Dündar, geçmişte Rusya’nın genişlemesinden kaynaklı barhana hareketi yaşandığını anımsatarak, sözlerini şöyle tamamladı:

“1859-1879 yılları beyninde Kafkasya’yı 2 milyon birey tecezzi etmiştir. Bu göçler sırasında tahminî 300 bin Dindar öldürülmüş, 1,5 milyon güç dahi Osmanlı topraklarına sığınmıştır. 1878-1908 döneminde Bursa’dahi iskan edilen Kırım ve Kafkas göçmenlerinin sayısı 50-60 bin arasındaydı. 1892 yılı kayıtlarına göre Bursa’ya gönderme edilen muhacir sayısı 168 bin 28 dirilik. Bu dönemde Bursa’da iskan edilen göçmenlerin tahminî yüzdelik 34’ünü Katliam ve Kafkasya’dan mevrut göçmenler oluşturmaktadır.”

Konuşmaların ardından sempozyumun koordinatörü Ömer Erdoğan aracılığıyla son bildirgesi okundu. Daha sonraları ise iletişim araçları tanıtım son bildirgesi imza töreni yapıldı.

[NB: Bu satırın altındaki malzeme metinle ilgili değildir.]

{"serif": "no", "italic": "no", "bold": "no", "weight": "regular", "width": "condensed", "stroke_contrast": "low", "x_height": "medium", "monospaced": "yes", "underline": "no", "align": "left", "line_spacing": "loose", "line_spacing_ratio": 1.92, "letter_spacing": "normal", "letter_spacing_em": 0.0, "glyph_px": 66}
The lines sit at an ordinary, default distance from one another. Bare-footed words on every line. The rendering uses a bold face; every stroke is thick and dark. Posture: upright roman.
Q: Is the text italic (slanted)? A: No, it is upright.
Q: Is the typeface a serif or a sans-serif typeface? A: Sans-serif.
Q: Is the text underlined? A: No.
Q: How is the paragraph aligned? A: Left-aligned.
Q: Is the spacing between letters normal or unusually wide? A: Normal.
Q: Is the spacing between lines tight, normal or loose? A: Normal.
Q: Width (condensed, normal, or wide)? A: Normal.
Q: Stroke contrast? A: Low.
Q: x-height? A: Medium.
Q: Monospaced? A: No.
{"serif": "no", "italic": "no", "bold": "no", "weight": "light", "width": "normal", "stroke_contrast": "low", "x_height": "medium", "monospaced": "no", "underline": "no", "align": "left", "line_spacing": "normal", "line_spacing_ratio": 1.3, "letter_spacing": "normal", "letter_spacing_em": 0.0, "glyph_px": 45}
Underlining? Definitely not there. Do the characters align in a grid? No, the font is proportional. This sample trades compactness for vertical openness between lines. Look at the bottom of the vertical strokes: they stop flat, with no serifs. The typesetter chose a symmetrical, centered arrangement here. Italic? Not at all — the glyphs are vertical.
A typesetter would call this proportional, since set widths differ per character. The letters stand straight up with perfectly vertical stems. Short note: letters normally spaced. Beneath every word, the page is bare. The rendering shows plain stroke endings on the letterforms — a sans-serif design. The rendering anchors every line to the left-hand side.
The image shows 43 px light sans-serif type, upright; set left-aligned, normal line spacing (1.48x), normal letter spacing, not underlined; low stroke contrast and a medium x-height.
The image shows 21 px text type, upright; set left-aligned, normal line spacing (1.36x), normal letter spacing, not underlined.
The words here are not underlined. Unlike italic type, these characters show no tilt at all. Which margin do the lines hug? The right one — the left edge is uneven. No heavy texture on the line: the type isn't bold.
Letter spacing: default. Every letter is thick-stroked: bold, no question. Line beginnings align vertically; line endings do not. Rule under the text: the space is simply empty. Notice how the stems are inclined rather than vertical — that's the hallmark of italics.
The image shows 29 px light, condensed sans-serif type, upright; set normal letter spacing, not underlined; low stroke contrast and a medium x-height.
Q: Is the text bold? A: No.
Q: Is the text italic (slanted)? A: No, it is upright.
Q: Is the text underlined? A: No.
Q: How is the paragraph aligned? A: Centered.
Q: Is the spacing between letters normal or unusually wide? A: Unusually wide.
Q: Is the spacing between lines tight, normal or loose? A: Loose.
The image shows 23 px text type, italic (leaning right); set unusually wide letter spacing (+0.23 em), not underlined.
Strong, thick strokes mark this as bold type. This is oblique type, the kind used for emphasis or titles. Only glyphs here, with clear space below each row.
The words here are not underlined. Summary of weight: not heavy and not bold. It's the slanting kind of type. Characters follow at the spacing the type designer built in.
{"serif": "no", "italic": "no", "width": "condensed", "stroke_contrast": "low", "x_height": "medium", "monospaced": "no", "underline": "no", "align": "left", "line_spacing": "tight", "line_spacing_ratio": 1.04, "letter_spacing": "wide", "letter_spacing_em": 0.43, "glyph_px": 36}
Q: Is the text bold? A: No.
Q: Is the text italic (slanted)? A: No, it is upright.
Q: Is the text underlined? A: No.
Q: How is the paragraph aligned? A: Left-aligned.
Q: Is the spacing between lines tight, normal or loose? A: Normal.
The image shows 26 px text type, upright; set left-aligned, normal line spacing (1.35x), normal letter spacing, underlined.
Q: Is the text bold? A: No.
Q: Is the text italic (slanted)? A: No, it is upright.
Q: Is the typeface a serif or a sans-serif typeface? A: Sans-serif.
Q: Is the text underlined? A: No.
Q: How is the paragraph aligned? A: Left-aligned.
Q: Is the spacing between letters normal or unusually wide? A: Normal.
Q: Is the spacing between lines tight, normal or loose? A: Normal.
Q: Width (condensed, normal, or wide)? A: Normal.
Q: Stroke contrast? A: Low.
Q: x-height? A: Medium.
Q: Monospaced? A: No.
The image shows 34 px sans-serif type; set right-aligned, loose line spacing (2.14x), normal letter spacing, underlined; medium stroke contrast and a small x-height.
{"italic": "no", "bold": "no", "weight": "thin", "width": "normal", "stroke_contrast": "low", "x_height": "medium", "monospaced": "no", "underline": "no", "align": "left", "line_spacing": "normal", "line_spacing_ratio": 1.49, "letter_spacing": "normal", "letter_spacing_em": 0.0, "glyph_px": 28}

Sempozyuma Giresun Vali Yardımcısı Muhammet Ekinci, Gün Doğusu Karadeniz Projesi Mıntıka Kalkınma İdaresi Başkanı Melik Gültekin, Sakarya Büyükşehir Belediyesi Genel Sekreteri Mustafa Ak, FİSKOBİRLİK Yönetim Kurulu Başkanı Lütfi Bayraktar, Giresun Orman Havza Müdürü Ahmet Gündüz, Görele Şehremini Miğfer Erener, Doğankent Belediye Reisi Rüşan Gönülden, Güce Şehremini Aytekin Boduroğlu, DOĞRU Tümen Giresun İl Başkanı Kenan Tatlı, çalım müdürleri, sivil topluluk temsilcileri ile akademisyenler katıldı.